▶ **Instructions for the task**: Which lines in the records below contain the word "herwärtigen"? Copy each of them.

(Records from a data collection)
──────
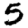
Digit: 5
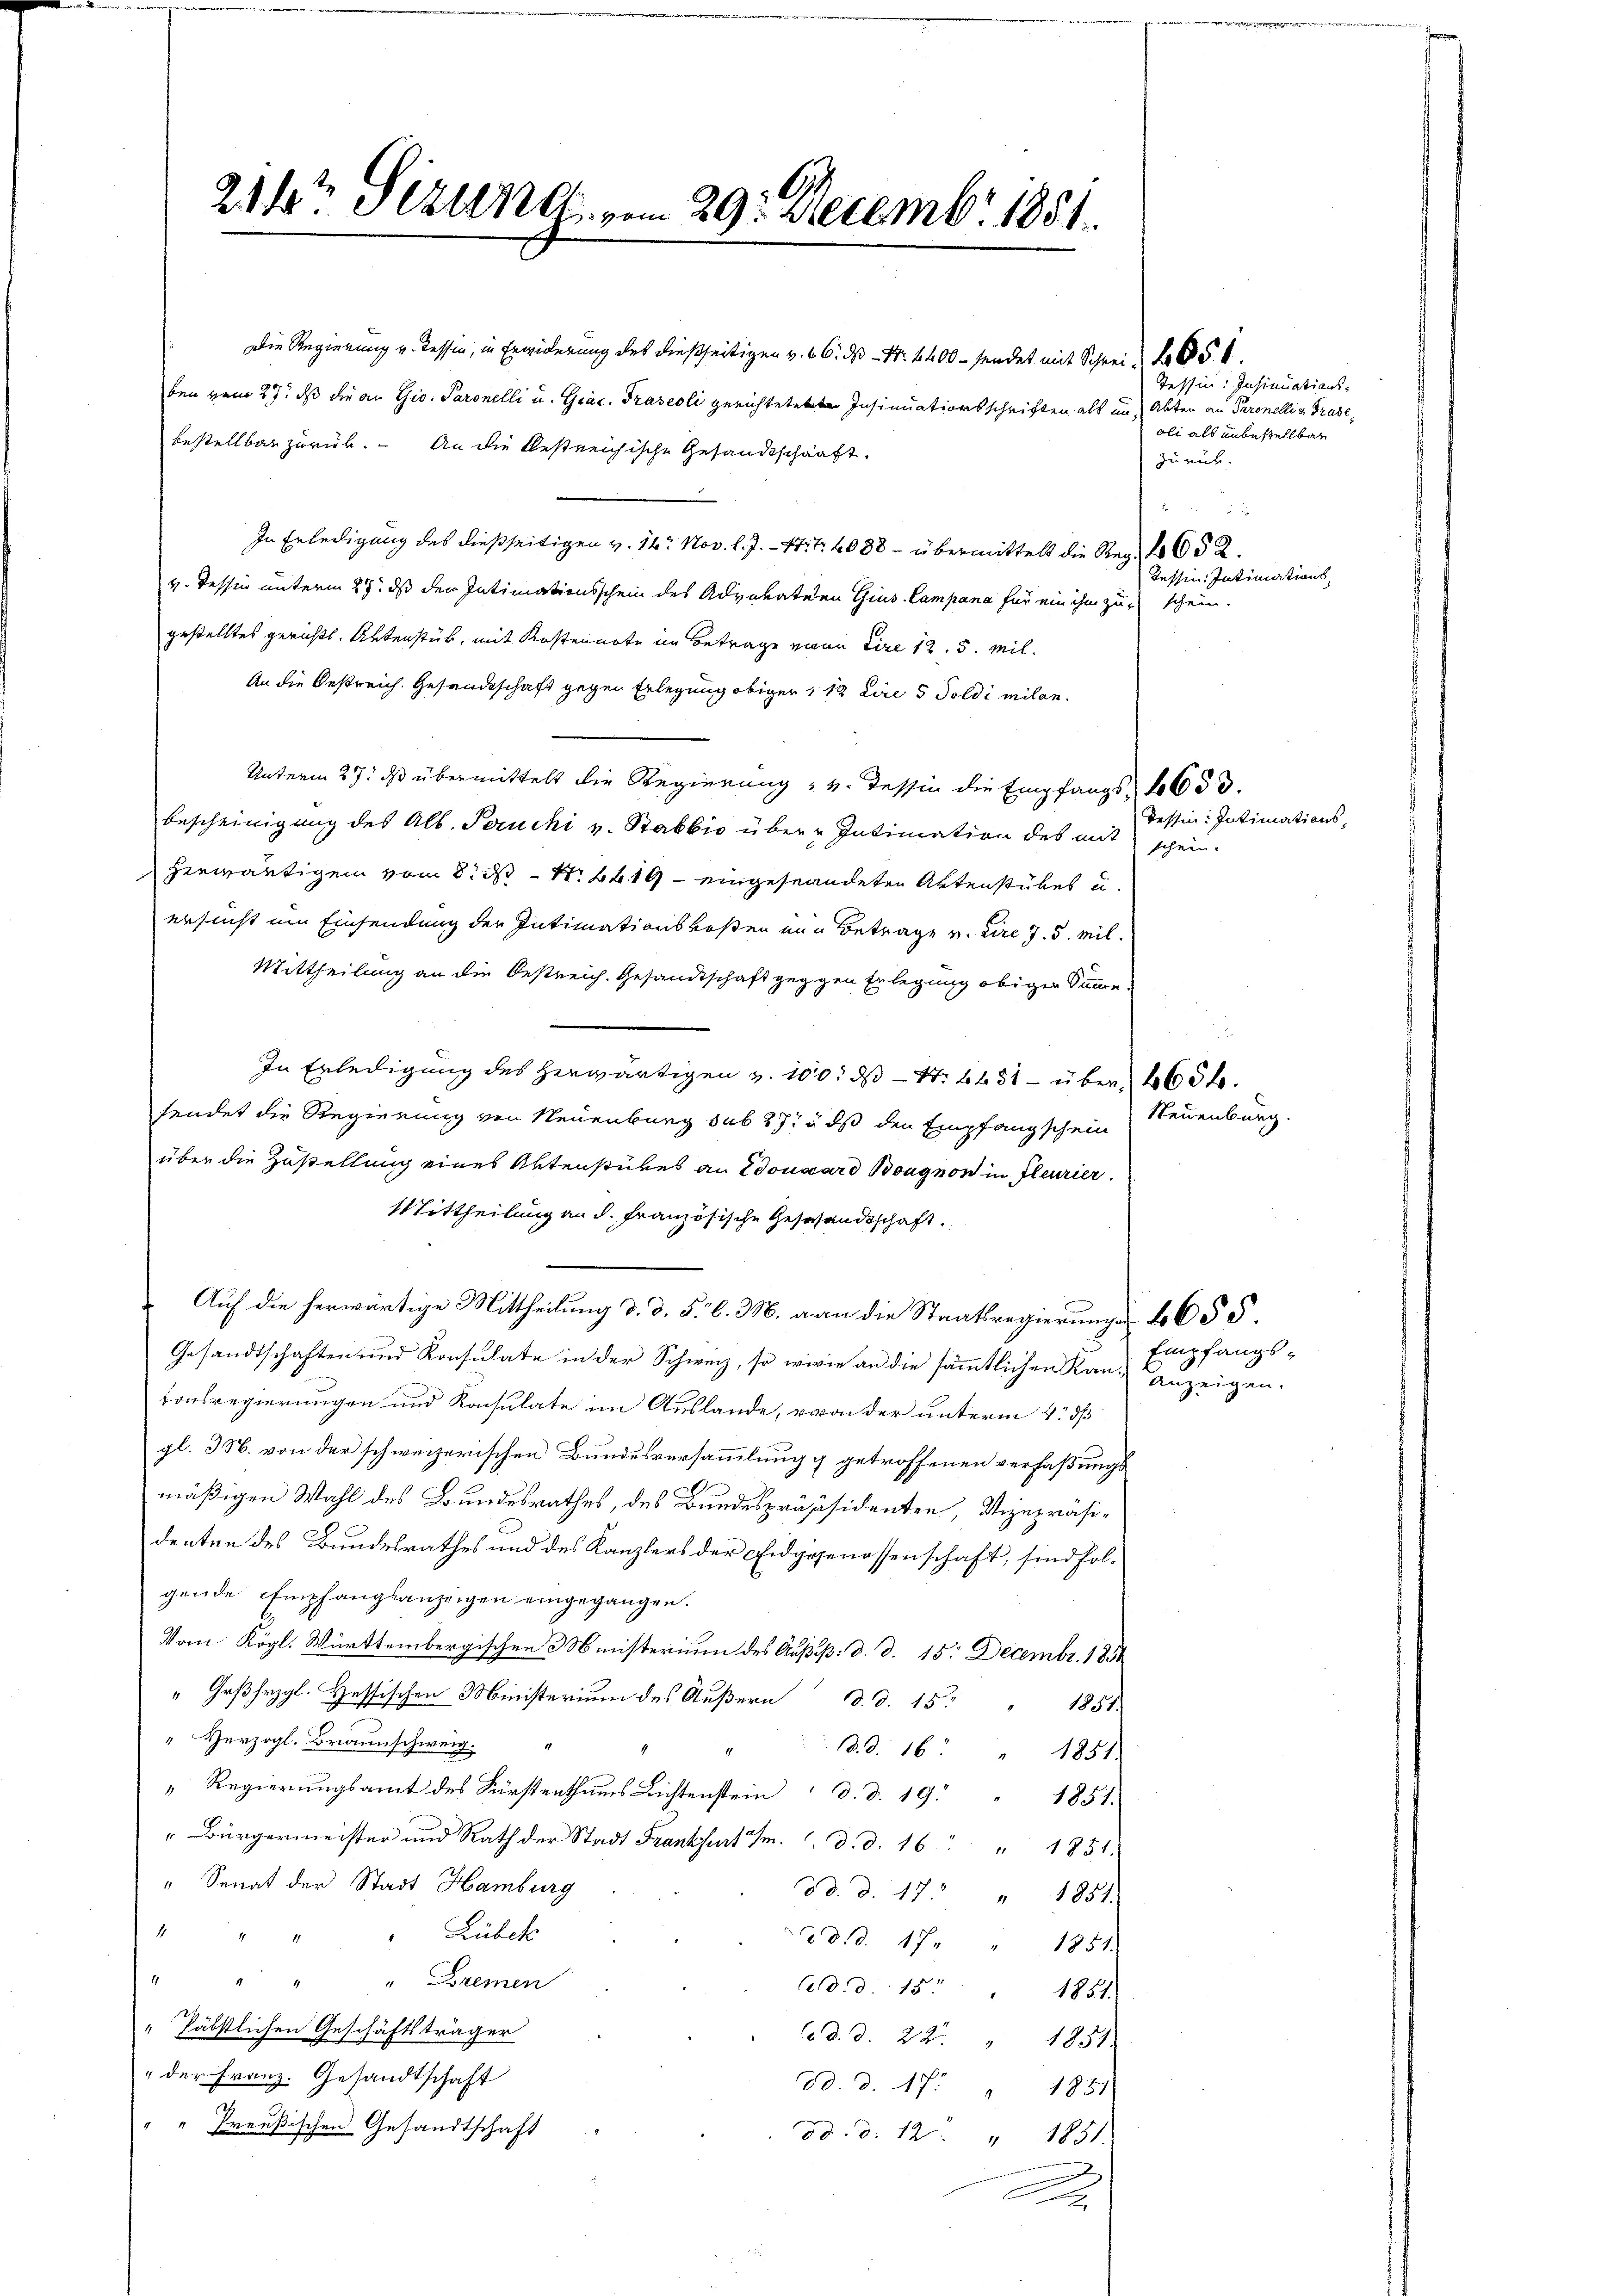
214t Sizundt, vom 29. Decembr 1881.

Die Regierung v. Tessin, in Erwiderung des dießseitigen v. 6. ds N. 4400 - sendet mit Schrei- 251.
fen vom 27. daß die an Gio. Paronelli u. Giac. Praseoli gerichtete Insinuationsschriften als im Abten an Paronelli v. Grade,
bestellbar zurück. An die bestreichische Gesandtschaft
In Erledigung des dießseitigen v. 16. Nov. l. J. - Art. 4088 - übermittelt die Reg. No 652.
v. Tessin unterm 27. ds den Intimationsschein des Advokaten Gius. Campana für ein ihm zu schein.
gestelltes gerichtl. Aktenstück, mit Kostennote im Betrage von dire 12. 5. Mil¬
An die Oestreich. Gesandtschaft gegen Erlegung obiger 112 Lire 5 Soldi milen.
Unterm 27. ds übermittelt die Regierung v. Tessin die Empfangs 1653.
bescheinigung des Alb. Peruchi v. Stabbio über Intimation des mit
herwärtigen vom 8. ds N. 419 eingestandeten Aktenstückes u.
ersucht um Einsendung der Intimationskosten von Betrage v. dre 7. 5. Mil¬
Mittheilung an die Oestreich. Gesandtschaft gegen Erlegung obigen Summe.
In Erledigung des herwärtigen v. 100. ds N. 4431 - über 265 f.
sendet die Regierung von Neuenburg sub 27. 5 dß den Empfangschein
über die Zustellung eines Aktenstückes an Edouard Bougnon in fleurier.
Mittheilung an d. Französische Gesandtschaft
2. Auf die herwärtige Mittheilung d. d. 5. 6. M. an die Staatsregierungen 1655.
Gesandtschaften und Konsulate in der Schweiz, so wirie an die sämmtlichen Rang anzeigen.
tonsregierungen und Konsulate im Auslande, von der unterm 4. dß
gl. M. von der schweizerischen Bundesversammlung g getroffenen verfaßungsmäßigen Wahl des Bundesrathes, des Bundespräsäsidenten, Vizepräsidenten des Bundesrathes und des Kanzlers der Eidgenossenschaft, sind folgende Empfangsanzeigen eingegangen.
Vom Kögl. Württembergischen 3 Ministerium des Außp: d. d. 15. Decembr. 1884
"Grßhezgl. Hessischen Ministerium des Äußern d. d. 15.
1859.
“ Herzogl. Braunschweig
11
 B. d. 16. " 1851.
" Regierungsamt des Fürstenthums Lichtenstein d. d. 19. " 1851.
" Bürgermeister und Rath der Stadt Frankfurt m. d. d. 16 " 1851.
" Senat der Stadt Hamburg
d. d. 17. " 1851.
1
Lubek
1
d d. d. 17 " " 1851.
". Bremen
Cd.d. 15. " 1851.
" Päbstlichen Geschäftsträger
C d. d. 22. " 1851.
" der Franz. Gesandtschaft
Ad. d. 17. " 1851
Preußischen Gesandtschaft
dd. d. 12. " 1851.
x

Tessin: Insinuationsoli als unbestellbar
zurück.

Tessin: Intimations-

Tessin: Intimationsschein.

Neuenburg.

Empfangs¬
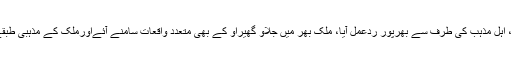
سپریم کورٹ کی جانب سے آسیہ مسیح کو بری کئے جانے کے بعد ملک میں جو حالات کشیدہ ہوئے، اہل مذہب کی طرف سے بھرپور ردعمل آیا، ملک بھر میں جلاو گھیراو کے بھی متعدد واقعات سامنے آئےاورملک کے مذہبی طبقے کی طرف سے آسیہ مسیح کیس کا سارا ملبہ حکومت پر ڈال کر حکومت کو مورد الزام ٹھہرایا گیا ۔
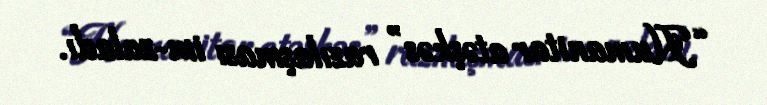
“Humanitar atəşkəs” razılaşması im­zaladı.
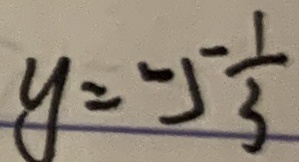
y = - 5 \frac { 1 } { 3 }
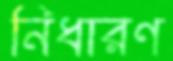
নিধারণ
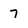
──────
▶ **Written solution**:
herwärtigen vom 8. ds N. 419 eingestandeten Aktenstückes u.
In Erledigung des herwärtigen v. 100. ds N. 4431 - über 265 f.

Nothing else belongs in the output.